▶ What you have to do
Each line of the data below that holds the word "stroke" is to be reported in full.

▶ Available data
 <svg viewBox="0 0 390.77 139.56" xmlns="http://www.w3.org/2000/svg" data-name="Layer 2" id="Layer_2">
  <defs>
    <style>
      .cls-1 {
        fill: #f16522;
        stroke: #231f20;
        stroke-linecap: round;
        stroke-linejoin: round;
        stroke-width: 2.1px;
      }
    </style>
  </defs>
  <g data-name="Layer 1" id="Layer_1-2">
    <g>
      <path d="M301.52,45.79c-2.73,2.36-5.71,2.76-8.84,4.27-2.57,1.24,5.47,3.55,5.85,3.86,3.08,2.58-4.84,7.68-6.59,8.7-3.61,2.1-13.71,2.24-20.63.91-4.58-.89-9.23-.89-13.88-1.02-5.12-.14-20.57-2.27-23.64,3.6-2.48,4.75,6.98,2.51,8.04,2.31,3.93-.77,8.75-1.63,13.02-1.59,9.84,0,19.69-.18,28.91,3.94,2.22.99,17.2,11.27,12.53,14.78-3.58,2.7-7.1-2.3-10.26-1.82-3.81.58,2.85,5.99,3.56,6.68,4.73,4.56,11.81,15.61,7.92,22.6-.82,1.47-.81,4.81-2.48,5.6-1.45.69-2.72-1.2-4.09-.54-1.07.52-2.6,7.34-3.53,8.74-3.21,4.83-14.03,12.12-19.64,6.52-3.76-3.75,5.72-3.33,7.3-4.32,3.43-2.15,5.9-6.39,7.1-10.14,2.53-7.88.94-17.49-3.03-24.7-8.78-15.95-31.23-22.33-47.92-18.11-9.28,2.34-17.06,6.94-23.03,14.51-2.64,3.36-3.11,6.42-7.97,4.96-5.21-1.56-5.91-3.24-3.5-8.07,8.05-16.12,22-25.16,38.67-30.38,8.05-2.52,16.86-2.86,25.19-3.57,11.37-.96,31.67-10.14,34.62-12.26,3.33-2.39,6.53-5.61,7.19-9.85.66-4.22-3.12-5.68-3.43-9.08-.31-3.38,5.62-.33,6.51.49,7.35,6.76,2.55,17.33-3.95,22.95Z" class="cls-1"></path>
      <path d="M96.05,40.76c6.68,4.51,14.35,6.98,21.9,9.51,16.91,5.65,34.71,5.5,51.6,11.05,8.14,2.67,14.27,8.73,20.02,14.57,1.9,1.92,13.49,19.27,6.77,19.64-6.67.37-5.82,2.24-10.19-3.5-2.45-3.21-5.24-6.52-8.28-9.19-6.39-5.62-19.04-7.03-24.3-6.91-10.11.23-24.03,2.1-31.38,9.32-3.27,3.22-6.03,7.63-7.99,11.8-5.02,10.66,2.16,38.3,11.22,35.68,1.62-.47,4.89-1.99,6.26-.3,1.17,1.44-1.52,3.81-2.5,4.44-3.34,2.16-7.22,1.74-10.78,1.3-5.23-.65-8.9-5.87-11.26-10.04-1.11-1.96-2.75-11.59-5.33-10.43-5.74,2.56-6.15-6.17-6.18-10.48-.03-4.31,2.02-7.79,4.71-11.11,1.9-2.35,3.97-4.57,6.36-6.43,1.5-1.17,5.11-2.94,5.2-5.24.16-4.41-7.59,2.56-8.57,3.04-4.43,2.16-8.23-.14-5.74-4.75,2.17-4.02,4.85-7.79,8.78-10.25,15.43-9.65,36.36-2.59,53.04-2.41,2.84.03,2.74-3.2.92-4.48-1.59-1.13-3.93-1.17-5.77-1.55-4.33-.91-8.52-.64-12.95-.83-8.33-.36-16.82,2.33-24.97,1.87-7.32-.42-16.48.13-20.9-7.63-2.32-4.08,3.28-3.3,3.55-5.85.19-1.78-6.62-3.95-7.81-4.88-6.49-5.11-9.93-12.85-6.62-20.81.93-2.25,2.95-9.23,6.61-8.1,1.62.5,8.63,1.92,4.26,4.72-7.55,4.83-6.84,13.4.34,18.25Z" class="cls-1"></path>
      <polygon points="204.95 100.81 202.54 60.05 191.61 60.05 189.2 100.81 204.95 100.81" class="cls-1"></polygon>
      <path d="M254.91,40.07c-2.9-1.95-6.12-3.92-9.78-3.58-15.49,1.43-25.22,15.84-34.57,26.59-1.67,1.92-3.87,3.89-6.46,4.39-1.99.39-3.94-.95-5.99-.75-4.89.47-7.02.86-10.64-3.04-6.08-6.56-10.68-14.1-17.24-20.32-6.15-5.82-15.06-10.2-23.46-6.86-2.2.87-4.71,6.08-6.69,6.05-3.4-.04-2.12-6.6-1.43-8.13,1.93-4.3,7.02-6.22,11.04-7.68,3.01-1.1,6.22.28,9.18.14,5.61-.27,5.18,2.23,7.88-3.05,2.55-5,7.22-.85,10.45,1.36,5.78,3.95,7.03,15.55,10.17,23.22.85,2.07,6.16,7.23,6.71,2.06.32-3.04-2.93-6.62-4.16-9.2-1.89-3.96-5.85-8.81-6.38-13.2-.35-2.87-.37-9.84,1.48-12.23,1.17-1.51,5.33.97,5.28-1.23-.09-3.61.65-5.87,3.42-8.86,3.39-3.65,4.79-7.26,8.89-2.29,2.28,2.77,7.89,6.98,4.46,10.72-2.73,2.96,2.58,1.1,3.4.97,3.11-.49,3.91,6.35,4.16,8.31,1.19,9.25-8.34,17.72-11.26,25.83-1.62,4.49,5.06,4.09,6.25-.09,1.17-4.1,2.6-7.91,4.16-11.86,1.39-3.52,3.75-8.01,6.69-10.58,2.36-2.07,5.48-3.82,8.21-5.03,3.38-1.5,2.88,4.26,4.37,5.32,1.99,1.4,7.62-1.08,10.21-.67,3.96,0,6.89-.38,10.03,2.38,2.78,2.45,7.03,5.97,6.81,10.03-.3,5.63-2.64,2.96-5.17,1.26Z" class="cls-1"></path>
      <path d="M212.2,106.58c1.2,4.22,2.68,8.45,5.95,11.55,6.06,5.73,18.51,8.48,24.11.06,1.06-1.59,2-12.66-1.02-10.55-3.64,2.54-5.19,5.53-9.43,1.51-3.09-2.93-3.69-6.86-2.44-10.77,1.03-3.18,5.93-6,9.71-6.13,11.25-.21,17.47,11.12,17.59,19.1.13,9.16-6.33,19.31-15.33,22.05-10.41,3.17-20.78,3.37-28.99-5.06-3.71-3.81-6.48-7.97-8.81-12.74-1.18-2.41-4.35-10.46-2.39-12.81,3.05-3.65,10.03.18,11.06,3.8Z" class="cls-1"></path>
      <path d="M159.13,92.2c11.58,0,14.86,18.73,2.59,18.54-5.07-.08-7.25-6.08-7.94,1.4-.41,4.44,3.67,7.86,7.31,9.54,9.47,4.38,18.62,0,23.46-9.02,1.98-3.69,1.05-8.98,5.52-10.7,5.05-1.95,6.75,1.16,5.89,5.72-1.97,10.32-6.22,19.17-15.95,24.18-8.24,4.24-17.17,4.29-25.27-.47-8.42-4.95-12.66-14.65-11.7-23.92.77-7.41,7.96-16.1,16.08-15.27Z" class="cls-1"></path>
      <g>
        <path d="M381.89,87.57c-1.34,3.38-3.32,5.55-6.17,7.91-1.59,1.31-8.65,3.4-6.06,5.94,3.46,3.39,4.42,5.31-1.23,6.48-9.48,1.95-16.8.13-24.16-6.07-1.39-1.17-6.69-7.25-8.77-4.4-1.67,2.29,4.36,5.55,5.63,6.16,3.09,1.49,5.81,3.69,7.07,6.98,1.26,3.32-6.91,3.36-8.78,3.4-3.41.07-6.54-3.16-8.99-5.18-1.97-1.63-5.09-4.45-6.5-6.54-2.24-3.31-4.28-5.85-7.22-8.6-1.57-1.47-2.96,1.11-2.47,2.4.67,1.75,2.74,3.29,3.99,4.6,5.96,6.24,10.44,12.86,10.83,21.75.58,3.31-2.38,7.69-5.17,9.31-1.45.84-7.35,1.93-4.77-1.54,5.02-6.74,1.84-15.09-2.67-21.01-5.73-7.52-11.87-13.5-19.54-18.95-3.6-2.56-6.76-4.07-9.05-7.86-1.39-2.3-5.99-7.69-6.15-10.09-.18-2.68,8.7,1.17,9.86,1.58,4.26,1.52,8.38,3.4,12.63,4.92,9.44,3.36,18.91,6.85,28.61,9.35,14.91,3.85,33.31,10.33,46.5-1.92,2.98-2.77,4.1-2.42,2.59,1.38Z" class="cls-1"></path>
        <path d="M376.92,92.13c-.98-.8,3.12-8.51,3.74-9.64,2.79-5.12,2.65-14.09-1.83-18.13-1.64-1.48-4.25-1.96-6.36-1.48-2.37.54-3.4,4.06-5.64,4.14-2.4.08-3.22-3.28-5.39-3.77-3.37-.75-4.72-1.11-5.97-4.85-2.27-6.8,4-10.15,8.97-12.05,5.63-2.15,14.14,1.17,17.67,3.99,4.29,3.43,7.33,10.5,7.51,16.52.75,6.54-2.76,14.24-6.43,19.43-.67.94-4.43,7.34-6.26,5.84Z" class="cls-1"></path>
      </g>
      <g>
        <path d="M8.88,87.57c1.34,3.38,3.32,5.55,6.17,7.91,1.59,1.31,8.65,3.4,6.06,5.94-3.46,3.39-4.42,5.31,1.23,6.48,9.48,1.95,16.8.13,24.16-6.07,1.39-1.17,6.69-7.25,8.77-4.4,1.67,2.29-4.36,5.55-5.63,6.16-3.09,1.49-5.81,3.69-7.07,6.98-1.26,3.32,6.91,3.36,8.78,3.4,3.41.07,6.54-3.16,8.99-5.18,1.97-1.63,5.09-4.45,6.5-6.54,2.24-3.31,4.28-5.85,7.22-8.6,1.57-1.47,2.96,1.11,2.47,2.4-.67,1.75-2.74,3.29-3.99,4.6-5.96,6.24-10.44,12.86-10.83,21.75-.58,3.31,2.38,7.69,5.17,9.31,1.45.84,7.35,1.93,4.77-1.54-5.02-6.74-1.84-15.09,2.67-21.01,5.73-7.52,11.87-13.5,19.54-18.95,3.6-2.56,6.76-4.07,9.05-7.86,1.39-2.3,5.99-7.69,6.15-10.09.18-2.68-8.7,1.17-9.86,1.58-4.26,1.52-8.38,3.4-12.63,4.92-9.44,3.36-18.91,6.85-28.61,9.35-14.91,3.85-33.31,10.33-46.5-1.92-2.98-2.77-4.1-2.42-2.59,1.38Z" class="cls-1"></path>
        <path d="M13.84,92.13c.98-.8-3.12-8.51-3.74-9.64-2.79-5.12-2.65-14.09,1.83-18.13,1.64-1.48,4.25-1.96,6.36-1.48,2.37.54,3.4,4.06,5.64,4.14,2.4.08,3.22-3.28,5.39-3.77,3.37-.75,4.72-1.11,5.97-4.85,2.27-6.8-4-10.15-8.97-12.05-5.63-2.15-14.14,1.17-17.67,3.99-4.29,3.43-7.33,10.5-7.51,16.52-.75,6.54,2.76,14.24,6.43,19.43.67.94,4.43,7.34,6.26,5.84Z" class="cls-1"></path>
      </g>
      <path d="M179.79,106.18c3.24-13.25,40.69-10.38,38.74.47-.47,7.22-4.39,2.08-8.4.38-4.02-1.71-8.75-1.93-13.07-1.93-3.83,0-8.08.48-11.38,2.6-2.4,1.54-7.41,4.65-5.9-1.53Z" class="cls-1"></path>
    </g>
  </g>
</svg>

▶ Worked solution
        stroke: #231f20;
        stroke-linecap: round;
        stroke-linejoin: round;
        stroke-width: 2.1px;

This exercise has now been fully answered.